Small infrastructure gaps consistently lead to massive exposures. In Anthropic's case, the absence of a single line in a `.npmignore` file stripped away the privacy of half a million lines of code. In the OpenAI Codex incident, the use of Unicode characters allowed attackers to create branch names that looked identical to `main` to the human eye but were interpreted as malicious commands by the machine. These incidents reveal that a minor configuration oversight or a visual trick is far more dangerous than a model's lack of reasoning capability. The vulnerability is not in the intelligence, but in the delivery.

This exposes a critical divide between model red teaming and deployment red teaming. Traditional model red teams focus on the AI's output, attempting to induce prohibited responses or identify biases to create a system card. However, the recent breaches show that the real danger lies outside the model's boundary. A deployment red team must instead scrutinize the trust boundaries of CI runners and the integrity of packaging gates. No matter how ethical or safe a model is designed to be, if the conveyor belt delivering that model to the user is contaminated, the final product is effectively a poisoned apple.

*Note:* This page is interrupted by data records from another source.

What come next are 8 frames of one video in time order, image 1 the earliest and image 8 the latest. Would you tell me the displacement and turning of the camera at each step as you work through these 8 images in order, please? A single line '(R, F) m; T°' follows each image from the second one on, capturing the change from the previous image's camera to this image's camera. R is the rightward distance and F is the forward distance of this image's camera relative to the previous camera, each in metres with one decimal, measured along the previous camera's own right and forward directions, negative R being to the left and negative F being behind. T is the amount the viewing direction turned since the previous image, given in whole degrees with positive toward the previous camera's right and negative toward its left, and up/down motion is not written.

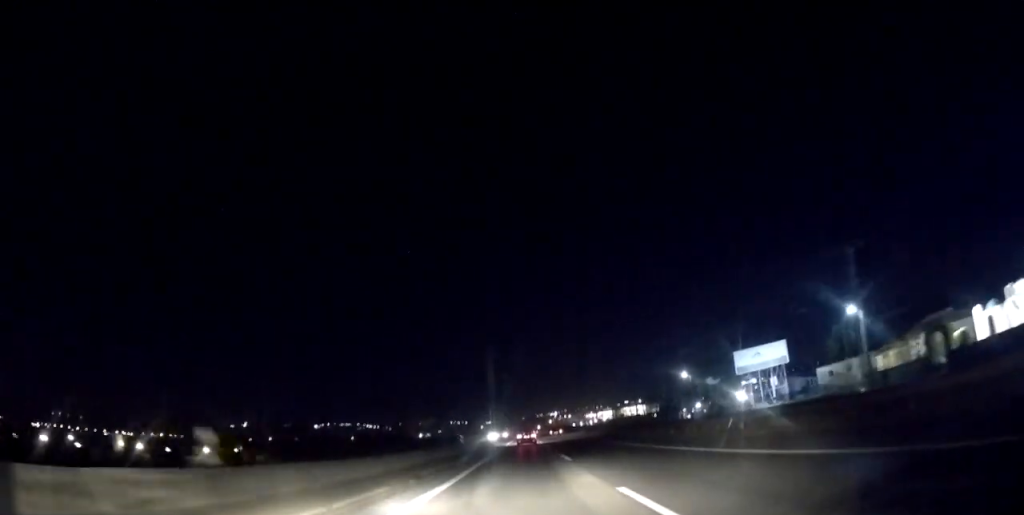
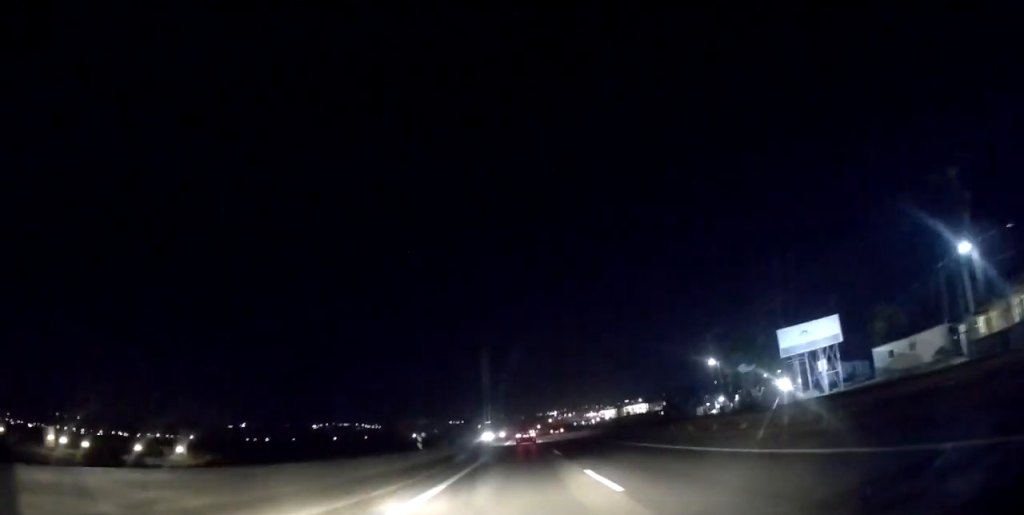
(0.0, +12.3) m; 0°
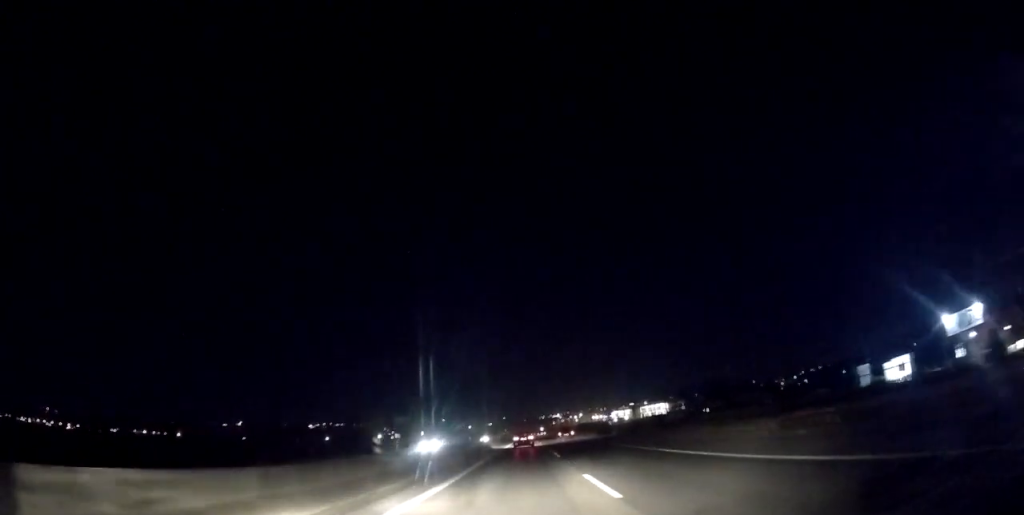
(+0.9, +53.8) m; +1°
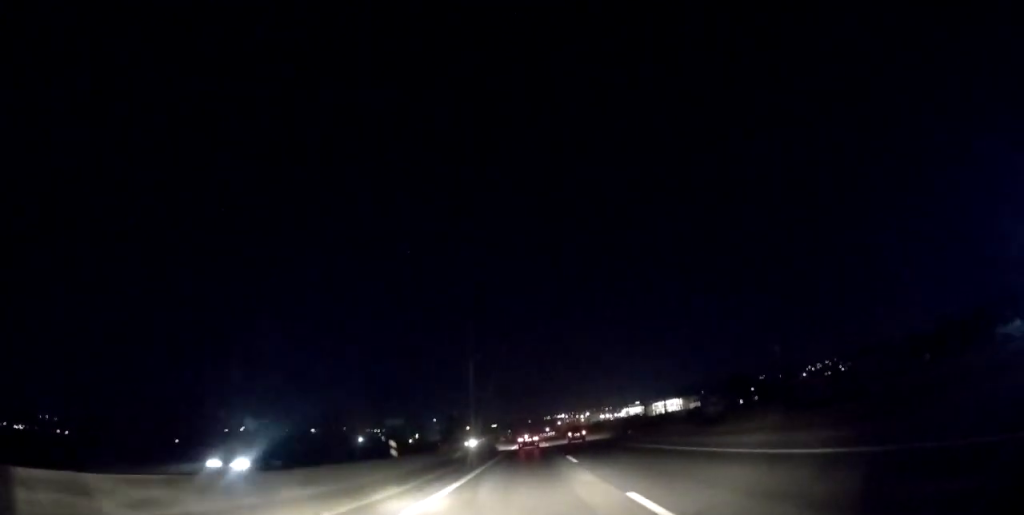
(-0.2, +23.7) m; -1°
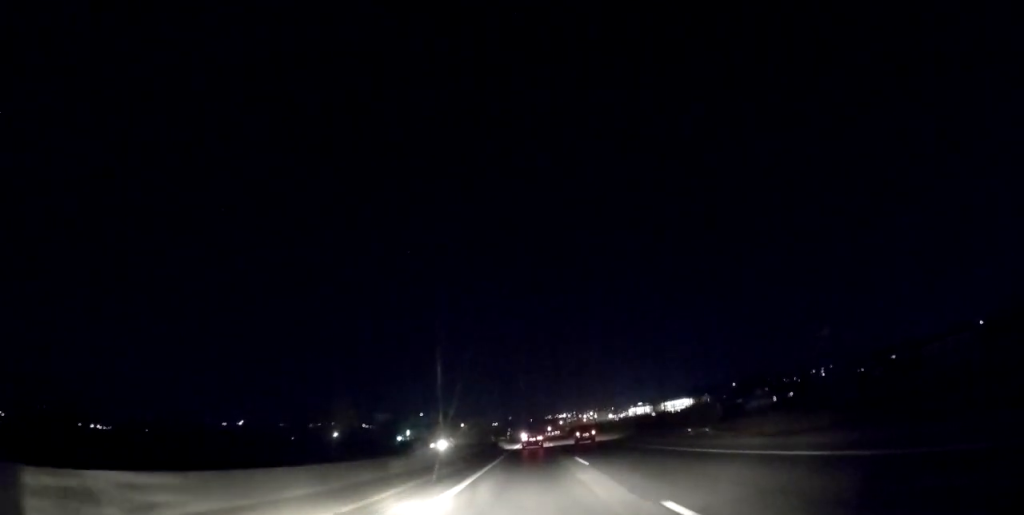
(-0.2, +20.4) m; 0°
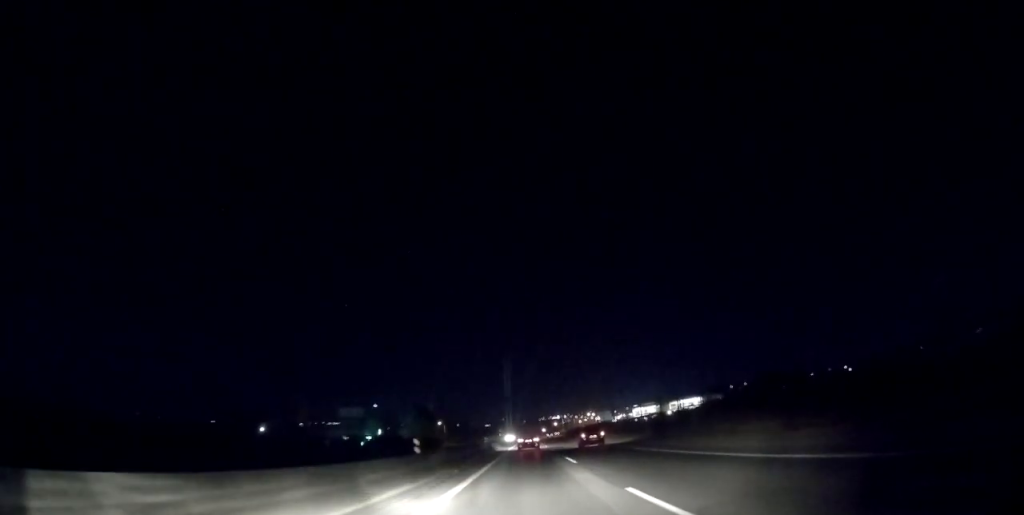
(+0.3, +32.8) m; +2°
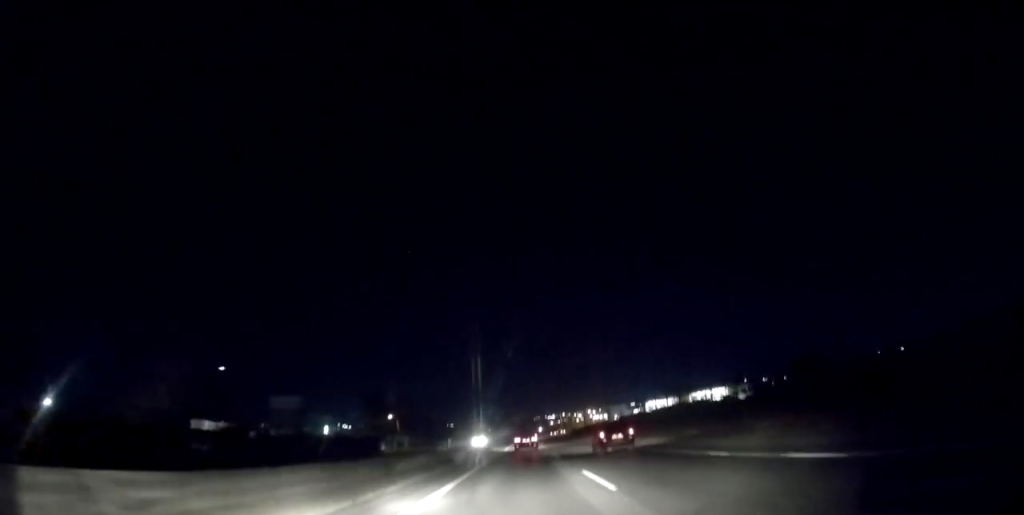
(+1.0, +45.6) m; +1°
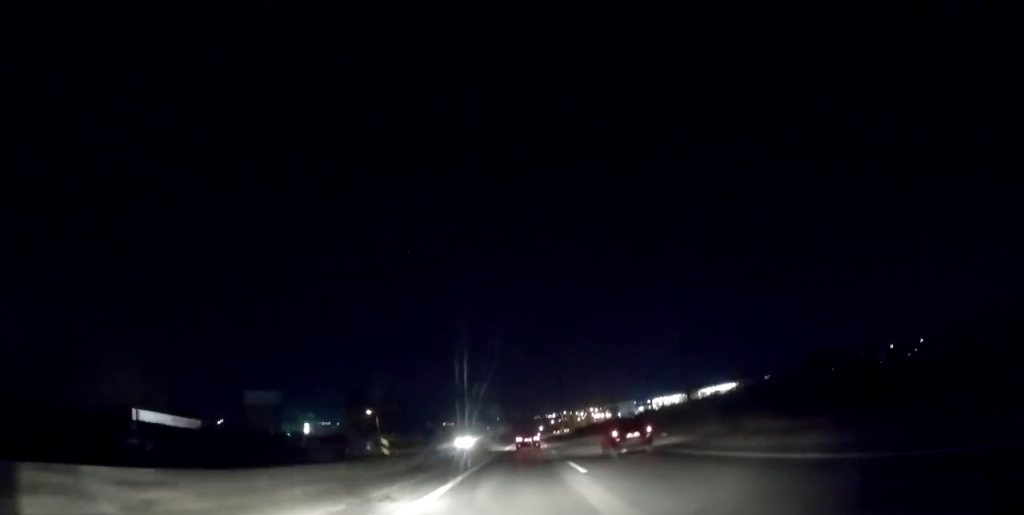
(+0.1, +12.7) m; 0°

OpenAI attempted to address the broader security landscape on May 10 by launching Daybreak, a cybersecurity initiative powered by GPT-5.5 and GPT-5.5-Cyber. The goal was to use state-of-the-art AI to automate the discovery and mitigation of vulnerabilities. Yet, the irony was immediate: the very next day, the TanStack worm infected OpenAI's own internal devices. The world's most advanced security AI was released just as the company's basic deployment hygiene failed. This serves as a stark reminder that model safety and infrastructure security are two entirely different disciplines.

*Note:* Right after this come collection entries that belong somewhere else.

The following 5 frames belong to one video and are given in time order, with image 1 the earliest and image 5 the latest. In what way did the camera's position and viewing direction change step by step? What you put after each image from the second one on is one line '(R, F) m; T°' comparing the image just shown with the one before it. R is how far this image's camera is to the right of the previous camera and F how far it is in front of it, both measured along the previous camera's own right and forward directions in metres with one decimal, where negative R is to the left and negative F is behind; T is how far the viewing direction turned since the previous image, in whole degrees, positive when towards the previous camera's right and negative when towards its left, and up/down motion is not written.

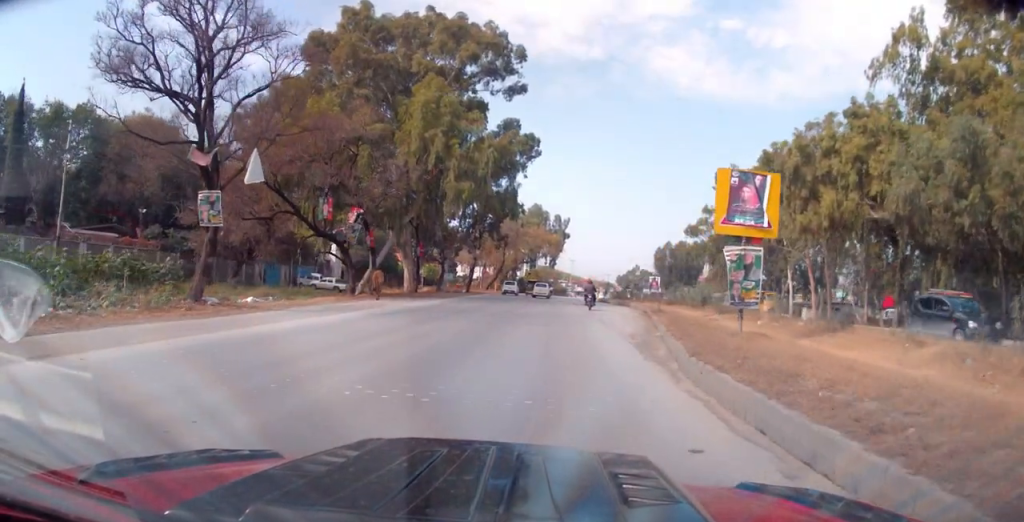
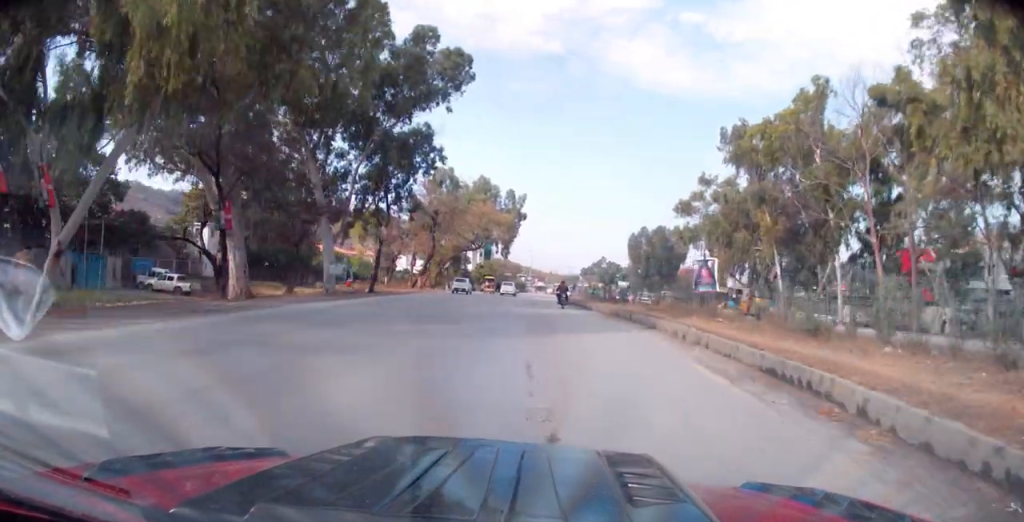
(+0.1, +25.3) m; +3°
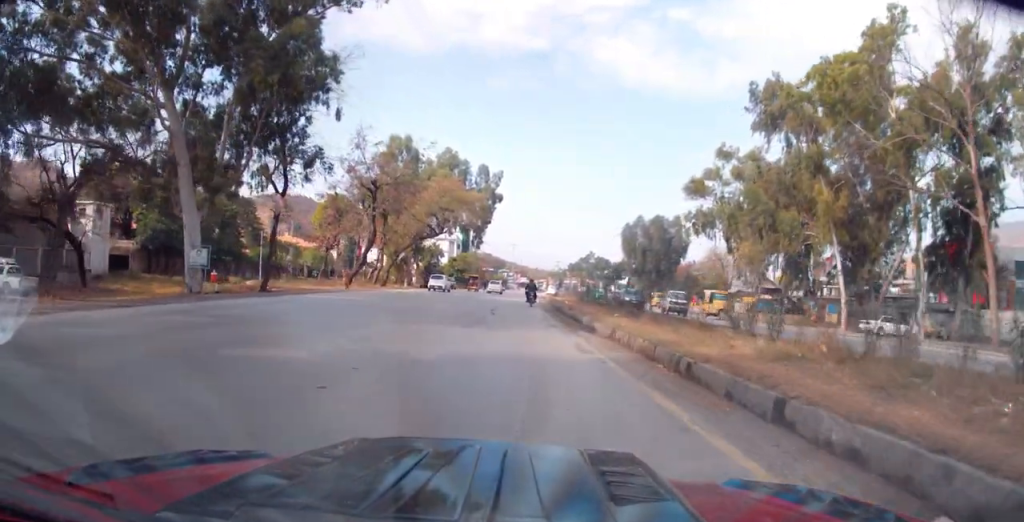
(+0.2, +16.6) m; +1°
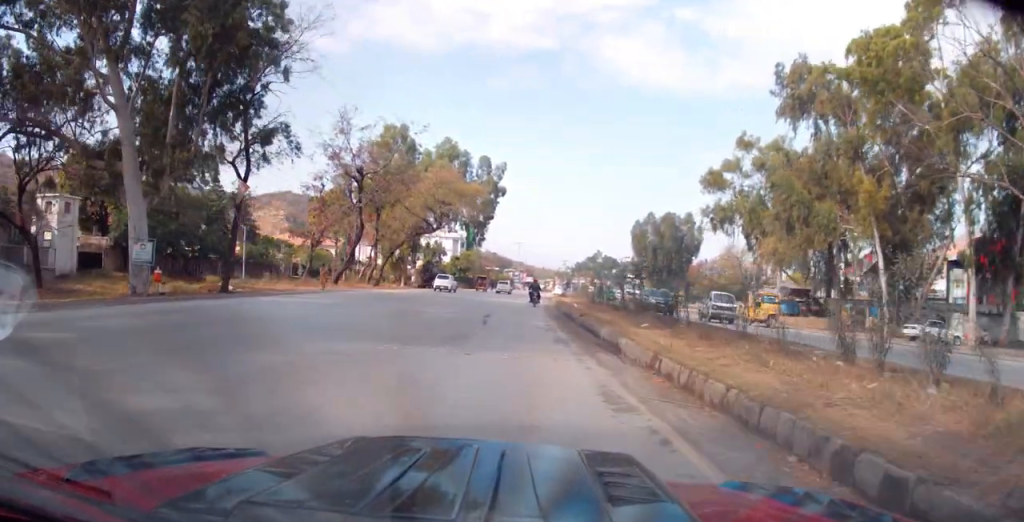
(+0.1, +5.2) m; 0°
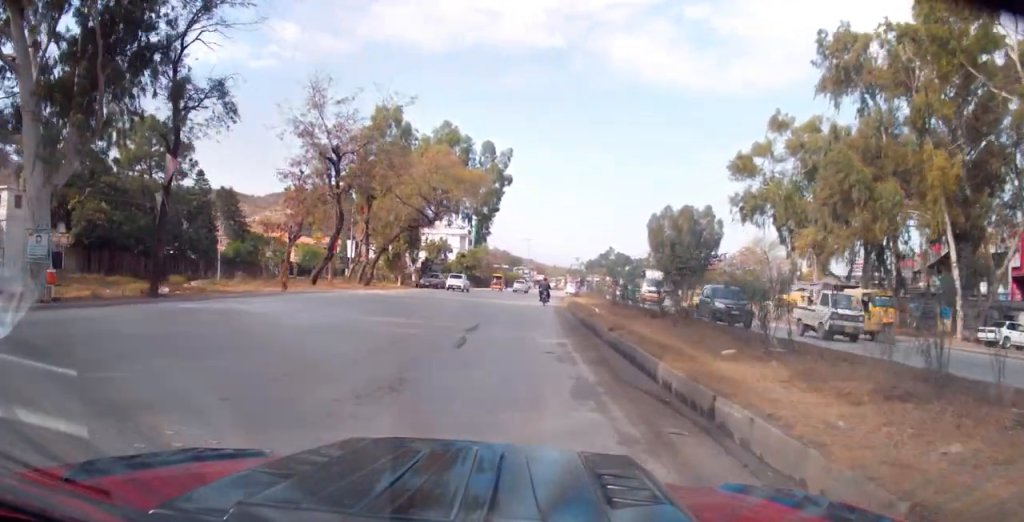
(0.0, +6.9) m; -1°

In the wake of the infections, OpenAI was forced to revoke its macOS security certificates and mandate updates for all desktop users through June 12, 2026. This action was a digital emergency reset, akin to changing every lock in a building because the master key was leaked. Because the security certificate—the digital seal of authenticity—was compromised, the company had to force a global update to restore trust. This process has nothing to do with the intelligence of GPT-5.5 and everything to do with basic infrastructure management.

For engineers and security practitioners, these events underscore the necessity of adhering to the NIST SSDF (Secure Software Development Framework). Specifically, the industry must prioritize PS.1.1, which focuses on preventing unauthorized access to source code, and PS.2.1, which ensures that released artifacts are verified and untampered. The lesson is clear: locking the door to the code repository and verifying the authenticity of the final package is just as important as the safety training of the model itself.

Investment in the intelligence of AI must be matched by an equal investment in the security of the pipelines that deploy it.